Back to Erika and the whole group

Lance: We’re the only ones that don’t, so, of course, everything that we do is all in meters and all that stuff. Learn the metric system.

Erika: This is kind of a long one, so bear with me. But it’s a good one. We all know the importance of music education in school curriculum and how music training increases brain power How has your music background training and performance prepared you or helped you in training for space flight? Now they want you to be specific. Talk about examples and direct correlation between music education and scientific technological training.

Lance on screen

Lance: Well, with me, I think just the creative part of it has really helped me. I think it’s opened up something in my head. With music it makes you so creative you just even imagining going into space, you have to, with a lot of the training, there’s no way you can simulate what it’s going to be like, so you have to imagine that and be creative.

With me, also, with the music education, a lot of it is like memorizing words and that type of stuff and seeing where it fits, and that’s a lot to do with the training. You know a lot of memorization and trying to fit things into what goes where and all the physics.
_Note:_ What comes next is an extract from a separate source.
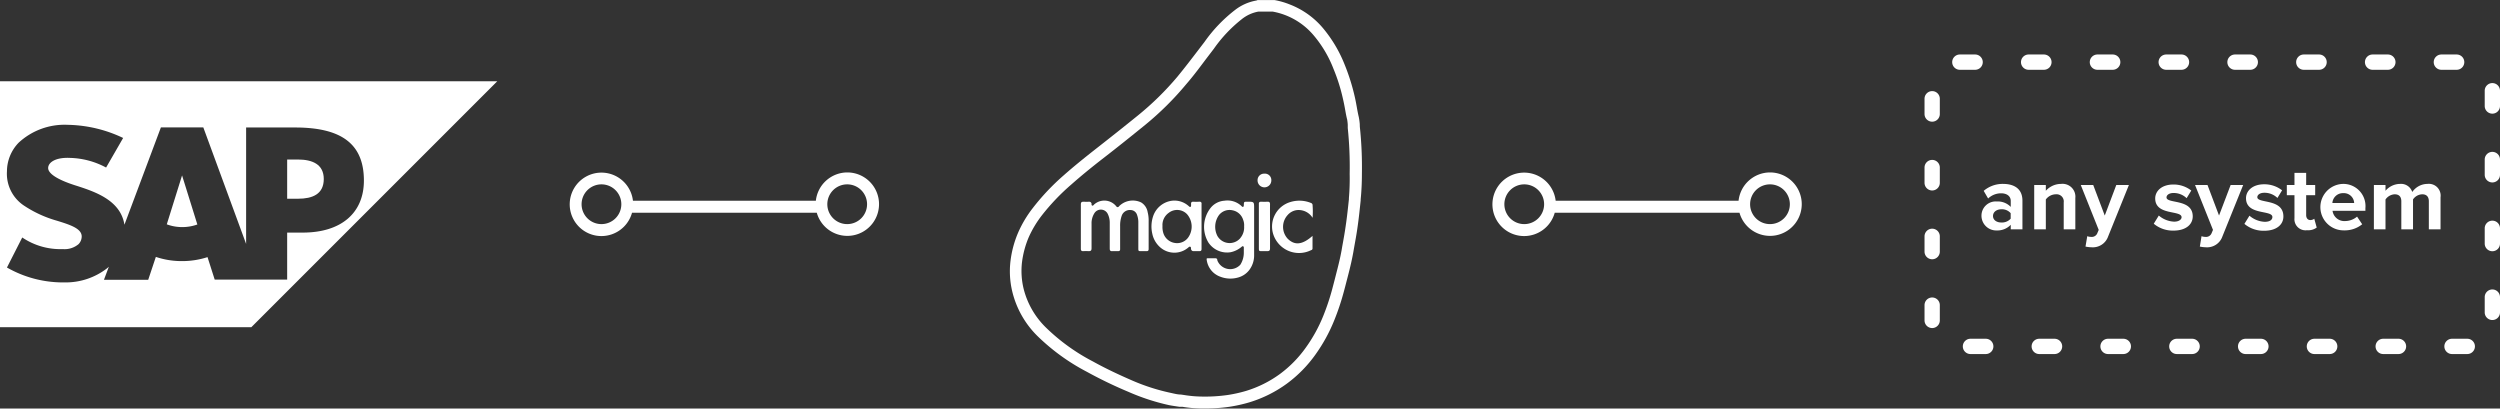 <?xml version="1.0" encoding="UTF-8"?> <svg xmlns="http://www.w3.org/2000/svg" width="327.08" height="53.45" viewBox="0 0 327.08 53.45"><rect x="0" y="0" width="327.08" height="53.45" fill="#333333" stroke="none"/> <defs> <style>.cls-1{fill:#fff;fill-rule:evenodd;}</style> </defs> <title>sap</title> <g id="Layer_2" data-name="Layer 2"> <g id="Layer_1-2" data-name="Layer 1"> <path class="cls-1" d="M177.9,16.22a7.82,7.82,0,0,0-.13-.92c-.11-.45-.19-.91-.27-1.36s-.17-.93-.28-1.39a27,27,0,0,0-1.31-4.13,17.47,17.47,0,0,0-2.83-4.75A10.7,10.7,0,0,0,168.76.59a10.14,10.14,0,0,0-2-.58h-2.23l-.16.06a6.33,6.33,0,0,0-2.78,1.23,19.33,19.33,0,0,0-4,4.18l-.84,1.1c-.88,1.15-1.79,2.34-2.72,3.47a38.06,38.06,0,0,1-5.16,5.06c-1.9,1.54-3.66,2.93-5.36,4.26s-3.14,2.5-4.38,3.6a30,30,0,0,0-4,4.24,15,15,0,0,0-1.92,3.21,13.55,13.55,0,0,0-1,3.69,11.28,11.28,0,0,0,.22,4A12.17,12.17,0,0,0,135.77,44a27.28,27.28,0,0,0,6.42,4.64,57,57,0,0,0,5.43,2.62A28.31,28.31,0,0,0,152.93,53c.45.09.9.15,1.36.22l.4,0a16.28,16.28,0,0,0,2.35.22h.3a22.21,22.21,0,0,0,3.51-.22,19.61,19.61,0,0,0,2.6-.58,16.39,16.39,0,0,0,4.93-2.46,16.83,16.83,0,0,0,3.73-3.8,21.42,21.42,0,0,0,2.46-4.49,31.74,31.74,0,0,0,1.21-3.6c.16-.57.3-1.14.45-1.71l.17-.66c.28-1.08.49-2,.65-2.89l.08-.47c.17-.95.35-1.9.48-2.85.17-1.17.29-2.35.41-3.49l0-.14c.1-1,.16-2.11.16-3.31a50.56,50.56,0,0,0-.27-6.19Zm-1.42,9.7v.15c-.12,1.12-.24,2.29-.41,3.42-.13.94-.3,1.87-.47,2.8l-.08.48c-.15.82-.36,1.73-.63,2.76l-.17.67c-.14.56-.29,1.12-.44,1.69a30.7,30.7,0,0,1-1.15,3.43,19.75,19.75,0,0,1-2.29,4.16,15.3,15.3,0,0,1-3.37,3.44A14.87,14.87,0,0,1,163,51.15a18.17,18.17,0,0,1-2.39.53,21,21,0,0,1-3.55.2,15.34,15.34,0,0,1-2.14-.2l-.41-.06c-.42,0-.84-.11-1.25-.2a26.55,26.55,0,0,1-5-1.58c-2.08-.9-3.76-1.71-5.29-2.56a25.88,25.88,0,0,1-6.06-4.36,10.73,10.73,0,0,1-3-5.19,9.91,9.91,0,0,1-.2-3.42,12.27,12.27,0,0,1,.88-3.27,14,14,0,0,1,1.74-2.89,28.52,28.52,0,0,1,3.82-4c1.21-1.07,2.58-2.2,4.3-3.53s3.48-2.74,5.39-4.29A39.42,39.42,0,0,0,155.21,11c1-1.15,1.88-2.36,2.76-3.52l.84-1.1a18.23,18.23,0,0,1,3.64-3.86,4.86,4.86,0,0,1,2.17-1l.16,0h1.74a9.13,9.13,0,0,1,5.37,3.13A15.31,15.31,0,0,1,174.46,9a23.52,23.52,0,0,1,1.23,3.88c.1.43.19.87.27,1.31s.17,1,.29,1.44a6.26,6.26,0,0,1,.08.69c0,.14,0,.29,0,.43a48.9,48.9,0,0,1,.25,6A30.26,30.26,0,0,1,176.48,25.92Z"></path> <path class="cls-1" d="M149.29,26.48a2.54,2.54,0,0,0-2.84.46c-.15.21-.3.22-.45,0a2,2,0,0,0-2.87-.17c-.06.07-.13.16-.23.13s-.1-.15-.09-.23-.1-.28-.3-.28a6.09,6.09,0,0,1-.74,0c-.29,0-.36.1-.36.37,0,.95,0,1.9,0,2.84s0,2,0,2.94c0,.23.08.33.32.32a5.45,5.45,0,0,1,.7,0c.3,0,.38-.1.38-.39,0-1.07,0-2.14,0-3.2a2.45,2.45,0,0,1,.35-1.34,1,1,0,0,1,1.78.08,2.56,2.56,0,0,1,.25,1.09q0,1.71,0,3.42c0,.25.08.36.34.34h.73c.22,0,.3-.07.29-.3,0-1,0-2,0-2.93a3.87,3.87,0,0,1,.23-1.47,1.13,1.13,0,0,1,1.16-.68.9.9,0,0,1,.83.66,2.73,2.73,0,0,1,.16.86c0,1.15,0,2.3,0,3.45,0,.4,0,.41.41.41H150c.2,0,.28-.07.28-.29,0-1.21,0-2.42,0-3.63a4.27,4.27,0,0,0-.13-1.18A1.83,1.83,0,0,0,149.29,26.48Z"></path> <path class="cls-1" d="M169.59,27.5a2.15,2.15,0,0,1,2.14,1,11.24,11.24,0,0,0,0-1.63.31.31,0,0,0-.22-.32,4,4,0,0,0-2.71-.11,3.34,3.34,0,0,0-2.25,4.1,3.54,3.54,0,0,0,5,2.18c.08,0,.17-.1.17-.2,0-.54,0-1.08,0-1.66-1.33,1.18-2.34,1.28-3.26.36a2.29,2.29,0,0,1,0-3.08A1.93,1.93,0,0,1,169.59,27.5Z"></path> <path class="cls-1" d="M166.16,26.73c0-.26-.09-.35-.34-.34a7.48,7.48,0,0,1-.82,0c-.21,0-.31.08-.3.29v5.71c0,.47,0,.47.48.47h.61c.28,0,.37-.09.37-.37,0-1,0-1.91,0-2.87S166.15,27.69,166.16,26.73Z"></path> <path class="cls-1" d="M165.41,22.72a.85.85,0,0,0-.88.89.9.9,0,1,0,1.8,0A.84.84,0,0,0,165.41,22.72Z"></path> <path class="cls-1" d="M164.08,30.16v-2.9c0-.87,0-.87-.88-.87-.45,0-.45,0-.47.44,0,.08,0,.17-.07.22s-.16,0-.22-.08a2.67,2.67,0,0,0-2.25-.71,2.53,2.53,0,0,0-1.77.9,4,4,0,0,0-.34,4.54A2.93,2.93,0,0,0,161,33a3.25,3.25,0,0,0,1.41-.68c.07-.06.14-.14.24-.09s.08.15.08.24,0,.43,0,.64a2.89,2.89,0,0,1-.46,1.53,1.81,1.81,0,0,1-3-.56c0-.13-.05-.3-.25-.29h-1c-.1,0-.17,0-.15.16a2.71,2.71,0,0,0,1.78,2.25,3.63,3.63,0,0,0,2.28.12,2.74,2.74,0,0,0,1.48-.95,3.15,3.15,0,0,0,.67-2c0-1.07,0-2.15,0-3.23Zm-1.81,1a1.84,1.84,0,0,1-3-.3,2.62,2.62,0,0,1,.22-2.73,1.76,1.76,0,0,1,1.79-.61,1.81,1.81,0,0,1,1.36,1.23,1.91,1.91,0,0,1,.13.87A2.15,2.15,0,0,1,162.27,31.15Z"></path> <path class="cls-1" d="M156.87,26.39a6.59,6.59,0,0,1-.77,0c-.19,0-.28.09-.27.28v.21c0,.21-.12.26-.28.11a2.8,2.8,0,0,0-2.11-.74,3,3,0,0,0-2.56,2,4.23,4.23,0,0,0-.12,2.34,3.21,3.21,0,0,0,1,1.74,2.8,2.8,0,0,0,3.69.07c.08-.07.16-.16.27-.12s.1.17.1.27.1.32.33.31h.76c.21,0,.29-.07.29-.29,0-1,0-1.95,0-2.93h0v-2.9C157.23,26.48,157.14,26.37,156.87,26.39Zm-1.43,4.7a1.78,1.78,0,0,1-1.63.71,1.87,1.87,0,0,1-1.6-1.28,2.67,2.67,0,0,1-.12-.95,1.94,1.94,0,0,1,.8-1.71,1.79,1.79,0,0,1,2.41.16A2.47,2.47,0,0,1,155.44,31.09Z"></path> <path class="cls-1" d="M110.85,22.56a4.15,4.15,0,0,0-4.11,3.7H82.81a4.15,4.15,0,1,0-.12,1.57h24.17a4.15,4.15,0,1,0,4-5.27ZM78.7,29.32a2.6,2.6,0,1,1,2.59-2.6A2.6,2.6,0,0,1,78.7,29.32Zm32.15,0a2.6,2.6,0,1,1,2.59-2.6A2.6,2.6,0,0,1,110.85,29.32Z"></path> <path class="cls-1" d="M231.57,22.56a4.15,4.15,0,0,0-4.11,3.7H203.53a4.15,4.15,0,1,0-.12,1.57h24.17a4.15,4.15,0,1,0,4-5.27Zm-32.15,6.76a2.6,2.6,0,1,1,2.6-2.6A2.6,2.6,0,0,1,199.42,29.32Zm32.15,0a2.6,2.6,0,1,1,2.6-2.6A2.6,2.6,0,0,1,231.57,29.32Z"></path> <path class="cls-1" d="M252.79,11.92a1,1,0,0,0-1,1v2a1,1,0,0,0,2,0v-2A1,1,0,0,0,252.79,11.92Z"></path> <path class="cls-1" d="M259.41,8.13a1,1,0,0,0-1-1h-2a1,1,0,1,0,0,2h2A1,1,0,0,0,259.41,8.13Z"></path> <path class="cls-1" d="M252.79,20.92a1,1,0,0,0-1,1v2a1,1,0,0,0,2,0v-2A1,1,0,0,0,252.79,20.92Z"></path> <path class="cls-1" d="M252.79,29.92a1,1,0,0,0-1,1v2a1,1,0,0,0,2,0v-2A1,1,0,0,0,252.79,29.92Z"></path> <path class="cls-1" d="M252.79,38.92a1,1,0,0,0-1,1v2a1,1,0,0,0,2,0v-2A1,1,0,0,0,252.79,38.92Z"></path> <path class="cls-1" d="M259.8,44.32h-2a1,1,0,0,0,0,2h2a1,1,0,0,0,0-2Z"></path> <path class="cls-1" d="M322.41,8.13a1,1,0,0,0-1-1h-2a1,1,0,1,0,0,2h2A1,1,0,0,0,322.41,8.13Z"></path> <path class="cls-1" d="M301.41,9.13h2a1,1,0,0,0,0-2h-2a1,1,0,1,0,0,2Z"></path> <path class="cls-1" d="M313.8,44.32h-2a1,1,0,0,0,0,2h2a1,1,0,0,0,0-2Z"></path> <path class="cls-1" d="M322.8,44.32h-2a1,1,0,0,0,0,2h2a1,1,0,0,0,0-2Z"></path> <path class="cls-1" d="M326.08,37.87a1,1,0,0,0-1,1v2a1,1,0,1,0,2,0v-2A1,1,0,0,0,326.08,37.87Z"></path> <path class="cls-1" d="M326.08,19.87a1,1,0,0,0-1,1v2a1,1,0,1,0,2,0v-2A1,1,0,0,0,326.08,19.87Z"></path> <path class="cls-1" d="M326.08,10.87a1,1,0,0,0-1,1v2a1,1,0,1,0,2,0v-2A1,1,0,0,0,326.08,10.87Z"></path> <path class="cls-1" d="M326.08,28.87a1,1,0,0,0-1,1v2a1,1,0,1,0,2,0v-2A1,1,0,0,0,326.08,28.87Z"></path> <path class="cls-1" d="M313.41,8.13a1,1,0,0,0-1-1h-2a1,1,0,1,0,0,2h2A1,1,0,0,0,313.41,8.13Z"></path> <path class="cls-1" d="M304.8,44.32h-2a1,1,0,0,0,0,2h2a1,1,0,0,0,0-2Z"></path> <path class="cls-1" d="M268.8,44.32h-2a1,1,0,0,0,0,2h2a1,1,0,0,0,0-2Z"></path> <path class="cls-1" d="M277.8,44.32h-2a1,1,0,0,0,0,2h2a1,1,0,0,0,0-2Z"></path> <path class="cls-1" d="M286.8,44.32h-2a1,1,0,0,0,0,2h2a1,1,0,0,0,0-2Z"></path> <path class="cls-1" d="M292.41,9.13h2a1,1,0,0,0,0-2h-2a1,1,0,1,0,0,2Z"></path> <path class="cls-1" d="M268.41,8.13a1,1,0,0,0-1-1h-2a1,1,0,1,0,0,2h2A1,1,0,0,0,268.41,8.13Z"></path> <path class="cls-1" d="M295.8,44.32h-2a1,1,0,0,0,0,2h2a1,1,0,0,0,0-2Z"></path> <path class="cls-1" d="M283.41,9.13h2a1,1,0,0,0,0-2h-2a1,1,0,1,0,0,2Z"></path> <path class="cls-1" d="M274.41,9.13h2a1,1,0,0,0,0-2h-2a1,1,0,1,0,0,2Z"></path> <path class="cls-1" d="M262.06,24.06a3.82,3.82,0,0,0-2.53.91l.58,1a2.46,2.46,0,0,1,1.69-.68c.77,0,1.27.38,1.27,1v.78a2.35,2.35,0,0,0-1.83-.71,1.86,1.86,0,0,0-2,1.87,1.93,1.93,0,0,0,2,1.92,2.41,2.41,0,0,0,1.83-.74V30h1.53V26.26C264.6,24.59,263.38,24.06,262.06,24.06Zm1,4.55a1.53,1.53,0,0,1-1.22.5c-.6,0-1.09-.31-1.09-.85s.49-.88,1.09-.88a1.51,1.51,0,0,1,1.22.51Z"></path> <path class="cls-1" d="M269.66,24.06a2.68,2.68,0,0,0-2,.9V24.2h-1.52V30h1.52V26.1a1.65,1.65,0,0,1,1.32-.68A.94.94,0,0,1,270,26.49V30h1.52V25.91A1.68,1.68,0,0,0,269.66,24.06Z"></path> <path class="cls-1" d="M275.81,30.94l2.72-6.74h-1.65l-1.51,4-1.51-4h-1.63l2.35,5.88-.21.49a.78.78,0,0,1-.81.42,1.32,1.32,0,0,1-.48-.09l-.23,1.36a4.13,4.13,0,0,0,.76.09A2.12,2.12,0,0,0,275.81,30.94Z"></path> <path class="cls-1" d="M284.44,29a3.31,3.31,0,0,1-2-.8l-.66,1.07a3.88,3.88,0,0,0,2.59.9c1.61,0,2.51-.8,2.51-1.86,0-2.34-3.43-1.62-3.43-2.48,0-.32.36-.58.91-.58a2.42,2.42,0,0,1,1.72.68l.61-1a3.75,3.75,0,0,0-2.34-.79c-1.52,0-2.38.85-2.38,1.82,0,2.28,3.45,1.5,3.45,2.46C285.42,28.7,285.1,29,284.44,29Z"></path> <path class="cls-1" d="M291.84,24.2l-1.52,4-1.51-4h-1.63l2.35,5.88-.21.49a.78.78,0,0,1-.81.42,1.36,1.36,0,0,1-.48-.09l-.22,1.36a3.93,3.93,0,0,0,.75.09,2.12,2.12,0,0,0,2.2-1.41l2.72-6.74Z"></path> <path class="cls-1" d="M295.33,25.8c0-.32.36-.58.91-.58a2.42,2.42,0,0,1,1.72.68l.61-1a3.75,3.75,0,0,0-2.34-.79c-1.52,0-2.38.85-2.38,1.82,0,2.28,3.45,1.5,3.45,2.46,0,.36-.32.63-1,.63a3.29,3.29,0,0,1-2-.8l-.66,1.07a3.88,3.88,0,0,0,2.59.9c1.61,0,2.51-.8,2.51-1.86C298.76,25.94,295.33,26.66,295.33,25.8Z"></path> <path class="cls-1" d="M303.1,29.77l-.32-1.15a.85.85,0,0,1-.53.17c-.33,0-.53-.28-.53-.64V25.54h1.18V24.2h-1.18V22.62h-1.53V24.2h-1v1.34h1v3a1.45,1.45,0,0,0,1.64,1.58A1.87,1.87,0,0,0,303.1,29.77Z"></path> <path class="cls-1" d="M306.57,24.06a3,3,0,1,0,.1,6.08,3.62,3.62,0,0,0,2.38-.8l-.67-1a2.45,2.45,0,0,1-1.54.58,1.56,1.56,0,0,1-1.67-1.34h4.3v-.34A2.9,2.9,0,0,0,306.57,24.06Zm-1.42,2.5a1.38,1.38,0,0,1,1.42-1.29A1.35,1.35,0,0,1,308,26.56Z"></path> <path class="cls-1" d="M317.6,24.06a2.44,2.44,0,0,0-2,1.06A1.54,1.54,0,0,0,314,24.06a2.53,2.53,0,0,0-1.9.9V24.2h-1.52V30h1.52V26.1a1.55,1.55,0,0,1,1.2-.68c.63,0,.87.38.87.92V30h1.53V26.09a1.52,1.52,0,0,1,1.2-.67c.63,0,.87.38.87.92V30h1.53V25.81A1.54,1.54,0,0,0,317.6,24.06Z"></path> <path class="cls-1" d="M0,42.81H32.88L65.06,10.63H0ZM7.46,28.88a15.26,15.26,0,0,1-4.35-2,5,5,0,0,1-2.2-4.47,5.41,5.41,0,0,1,1.53-3.74,8.84,8.84,0,0,1,6.41-2.34h0a17.47,17.47,0,0,1,7.26,1.72l-2.23,3.87a10.49,10.49,0,0,0-4.68-1.26c-1.92-.1-2.89.58-2.9,1.32,0,.9,1.81,1.72,3.54,2.27,2.61.83,5.93,1.94,6.44,5.15l4.77-12.73h5.55L32.2,31.91V16.68h6.41c6.12,0,9,2.19,9,6.94,0,4.27-3,6.81-8,6.81H37.57v6.15H28.09l-.94-2.94a10.78,10.78,0,0,1-3.34.52,10.57,10.57,0,0,1-3.42-.55l-1,3H13.6l.64-1.71-.23.2a8.83,8.83,0,0,1-5.52,1.85H8.16A14.76,14.76,0,0,1,.91,35l2-3.93a8.89,8.89,0,0,0,5.3,1.52,2.84,2.84,0,0,0,2.07-.65,1.47,1.47,0,0,0,.41-1C10.69,29.91,9.24,29.43,7.46,28.88Z"></path> <path class="cls-1" d="M42.36,23.42c0-1.92-1.49-2.55-3.38-2.55H37.57V26H39C40.87,26,42.36,25.41,42.36,23.42Z"></path> <path class="cls-1" d="M25.82,29.37l-2-6.42h0l-2,6.4a5.76,5.76,0,0,0,2,.36A5.84,5.84,0,0,0,25.82,29.37Z"></path> </g> </g> </svg>

Back to Erika and the whole group

Erika: A lot of people already know that the astronauts space flight requires you to be on a very tight schedule. You pretty much know what you’re going to be doing just about every minute of the day. And so this question kind of goes directly to you, Lance. This is Ryan. He’s a third grader in North Carolina, and he wants to know what do you want to do the most in space rather than what will you be doing in space.

Lance on screen

Lance: You’re right, every minute is accounted for until you have such a strict timeline that you have to meet a lot of your fellow space travelers with you; they have different missions they’re doing, experiments. I know Frank, the astronaut from Belgium that’s going up with me, has an incredible timeline and so many experiments he has to have accomplished in the eight days that we’re going to be up there, which I will be lucky enough to help out with.

But what I want to do is, I have a few things that I have on my timeline, it’s a lot of educational things, a lot of educational videos for different schools, ham radio communication back to schools. So mine is a primary educational mission.

Screen shows pictures of astronauts then back to Lance on screen

It’s so late in the game to do many experiments and to prepare for it because sometimes you have to prepare a good year to two years for some of the things that they do up there and get them all approved to first space flight. Mine is primarily education and also I’m just going to enjoy, really enjoy being up there and taking it all in.

Back to Erika and the whole group

Wendy: You need to make sure that you do spend a few moments in front of the window looking at the earth.

Erika: And I heard that that is one of the biggest things that astronauts like to do in their free time, the very little free time that they get.

Screen shows picture of astronauts looking out the window from a shuttle

Wendy: That’s right. When they do give us some free time, we really do enjoy looking out the window. I think being up in space you just have a unique perspective. This earth is incredibly beautiful. The oceans are very blue. The continents have diversity of colors, greens over the rainforest is incredible, reds and oranges and browns of the desert soil. So I think all of us want to take a few minutes to look down on this earth because it is very precious; it is our home, and I think all of us come back with a sense of responsibility for taking care of it. And I’m sure Lance will feel the same way once he lands.

Back to Erika and the whole group

Erika: A lot of people already know that you went to Space Camp when you were younger and that you’re a huge space enthusiast. So one of your fans out there wants to know, is there anything that has been surprising to you that you didn’t expect?

Lance on screen

Lance: I think all of it I didn’t expect. It’s so — it is so different. I wish everyone could have a chance to feel what it’s like to train for something like this, and especially in a different country like Russia.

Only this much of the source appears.